ECG, electrocardiogram; JVP, jugular venous pressure.


With permission from Hancock EW. Differential diagnosis of restrictive cardiomyopathy and constrictive pericarditis. Heart. 2001;86:343–349.


The difference between the subacute and the more chronic forms of constrictive pericarditis probably relates to whether only the visceral pericardium is fused to the epicardium of the heart (subacute) or both the visceral and the parietal pericardial layers are fused together (chronic). In both instances, the diastolic pressures in the atria are elevated due to the restriction of ventricular diastolic inflow. In constriction, the elevated atrial pressures and the normal early LV filling result in a rapid decrease in atrial pressure after the AV valves open and are responsible for the rapid y descent seen (see Fig. 43-2). However, the constraint imposed by the pericardium as the ventricle fills results in the sudden halting of this rapid early filling and an abrupt rise in pressure producing the “square root sign” or “dip and plateau” in the pressure tracings. The x descent is generally minimally affected; thus, the atrial y descent is greater than the x descent in constrictive pericardial disease. RV and pulmonary pressures are usually normal or only mildly elevated, with the result that the RV end-diastolic pressure (EDP) tends to be greater than one third the RV systolic pressure. At the end of ventricular diastole, both the right and left ventricles are confined by the pericardium, and there is equalization of the RV and LV EDPs.
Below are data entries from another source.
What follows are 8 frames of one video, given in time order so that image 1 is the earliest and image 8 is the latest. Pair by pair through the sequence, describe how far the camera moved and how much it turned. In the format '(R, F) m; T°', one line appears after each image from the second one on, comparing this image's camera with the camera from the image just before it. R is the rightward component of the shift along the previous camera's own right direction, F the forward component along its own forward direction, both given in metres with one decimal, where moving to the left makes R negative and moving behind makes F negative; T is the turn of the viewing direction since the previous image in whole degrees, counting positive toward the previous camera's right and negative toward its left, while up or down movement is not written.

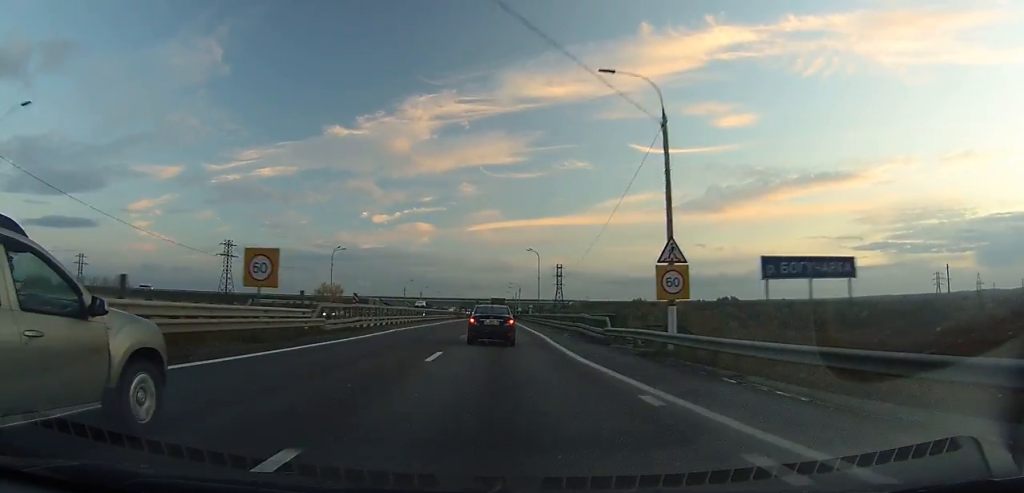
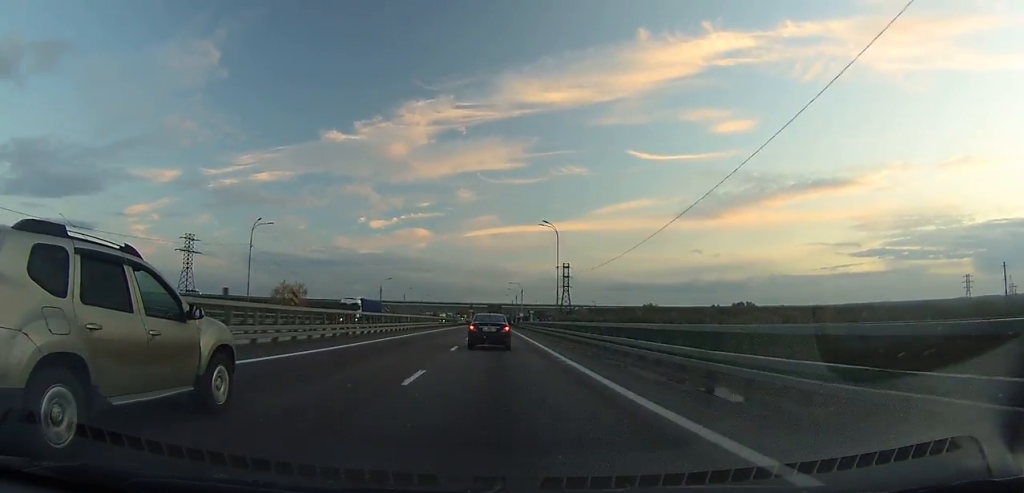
(0.0, +29.6) m; 0°
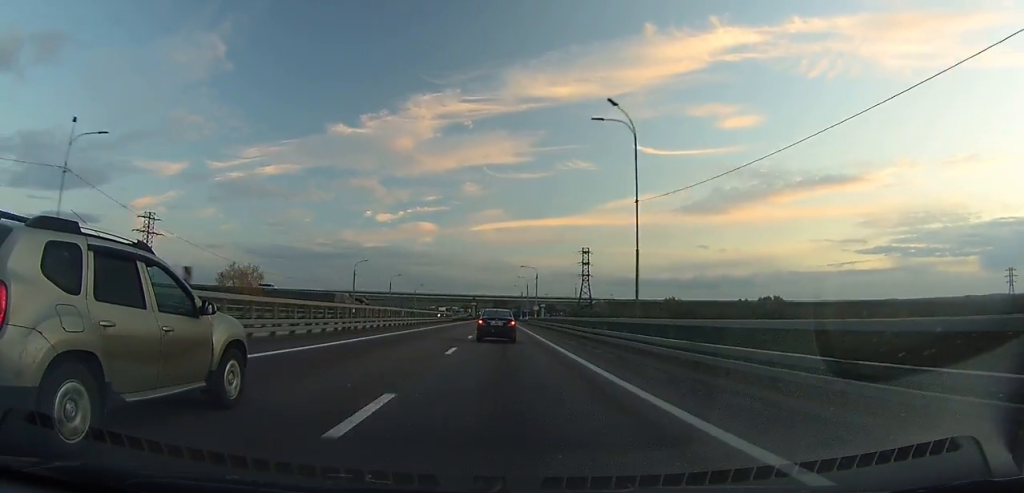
(+0.1, +29.7) m; 0°
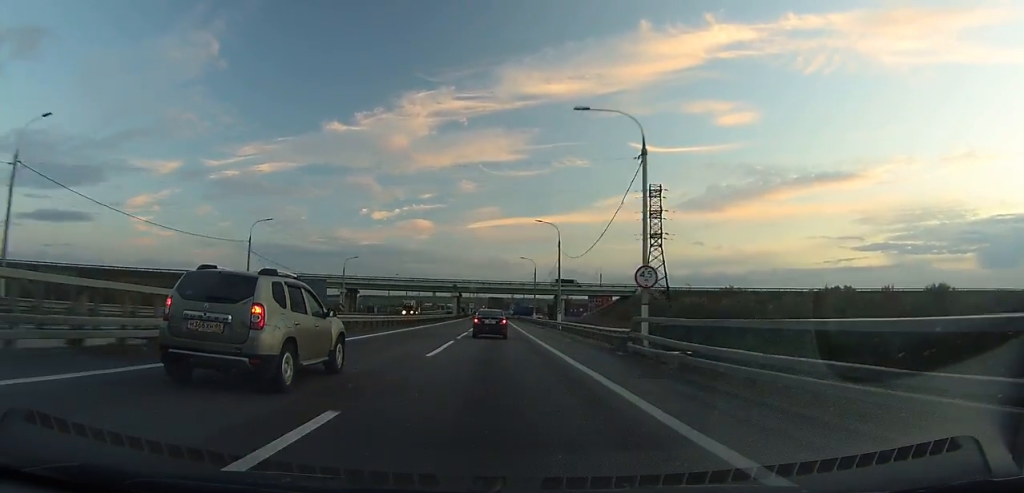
(-0.2, +76.6) m; 0°
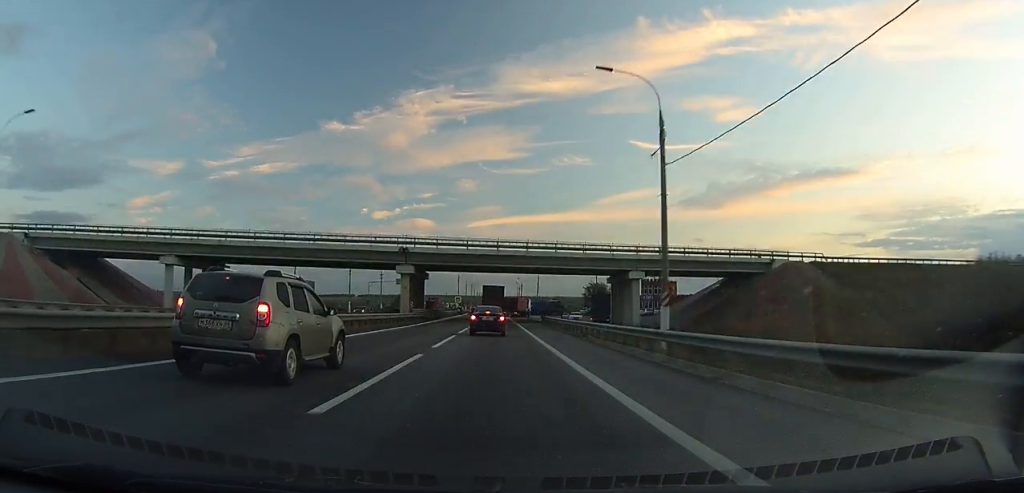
(-0.1, +67.4) m; 0°
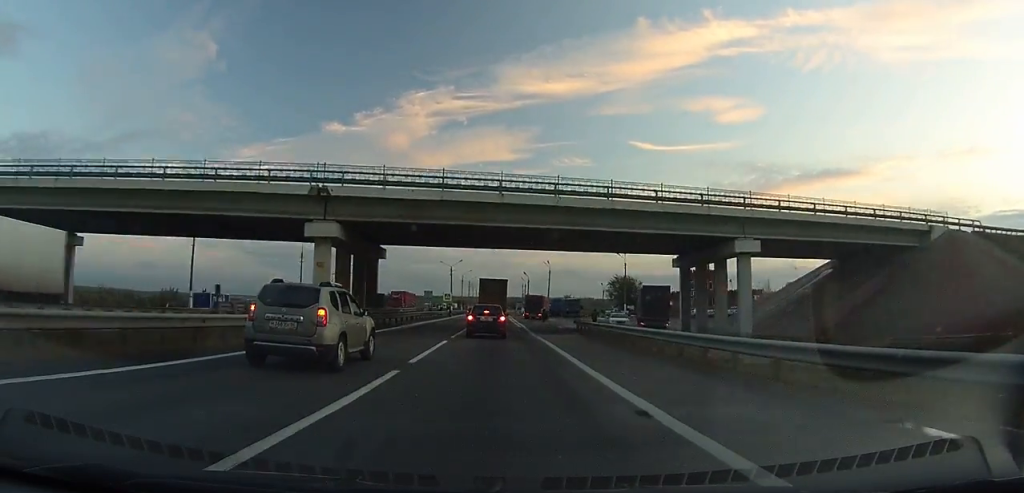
(0.0, +29.0) m; 0°
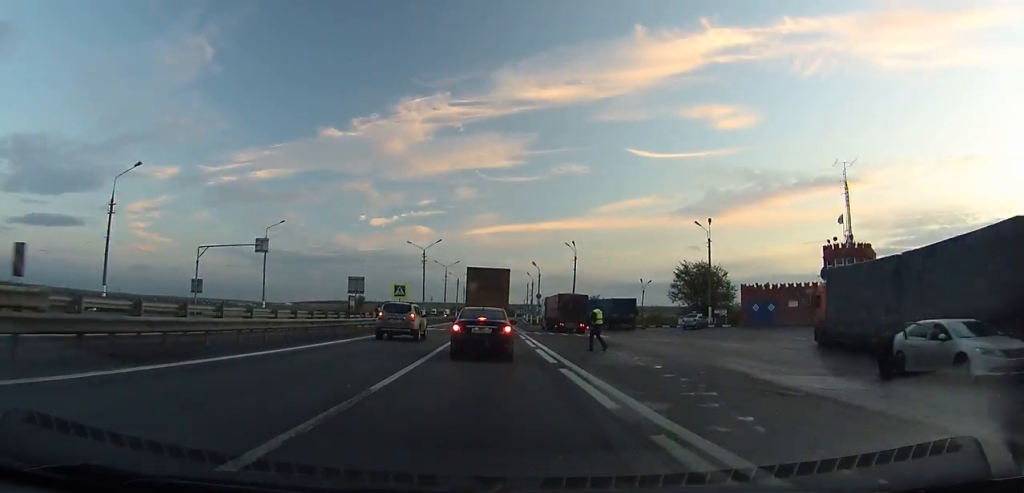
(-0.2, +46.4) m; 0°
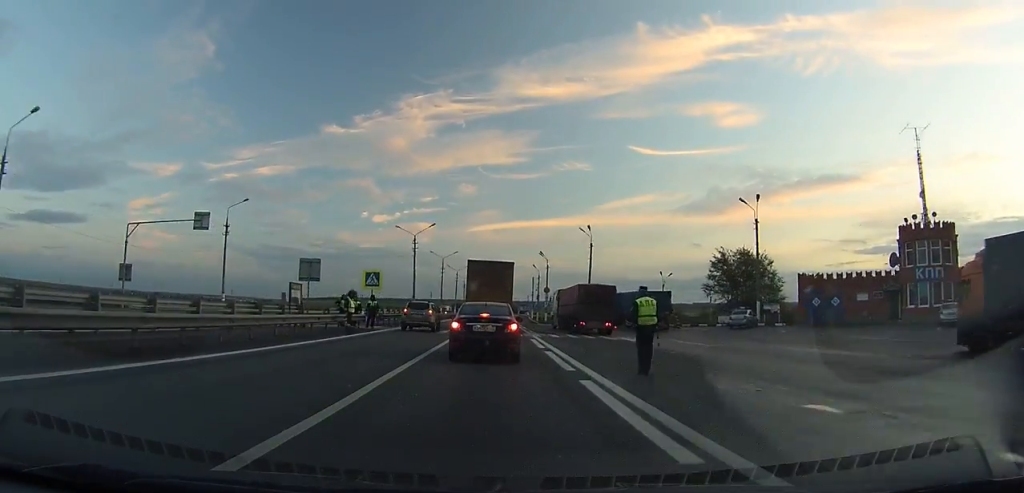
(0.0, +12.5) m; 0°

The normal respiratory changes in cardiac flow are altered in constriction. The normal inspiratory fall in the RA pressures may not occur or may even rise (Kussmaul’s sign). Also reflecting the loss of normal RV filling, the inferior vena cava diameter may not collapse with inspiration as expected. The precise mechanisms responsible for these losses of respiratory effects on cardiac flow are the subject of some debate. It is possible that the rigid pericardium in constrictive pericarditis acts to disassociate the usually related intrathoracic and intracardiac pressures described earlier. In constriction, the right side of the heart is forced to fill to more than its capacity, and the right heart pressures rise rather than fall with inspiration. In addition, there is an inspiratory drop in the diaphragm that may pull the pericardium downward and actually further reduce the overall cardiac volumes. Kussmaul’s sign is not specific for pericardial constriction since it also can be seen in acute or chronic RV failure, RV infarction, RV volume overload, and restrictive cardiomyopathy. In most of these conditions, the constrictive physiology is due more to RV volume overload (reaching the limit of RV capacity) than to constriction from the pericardium.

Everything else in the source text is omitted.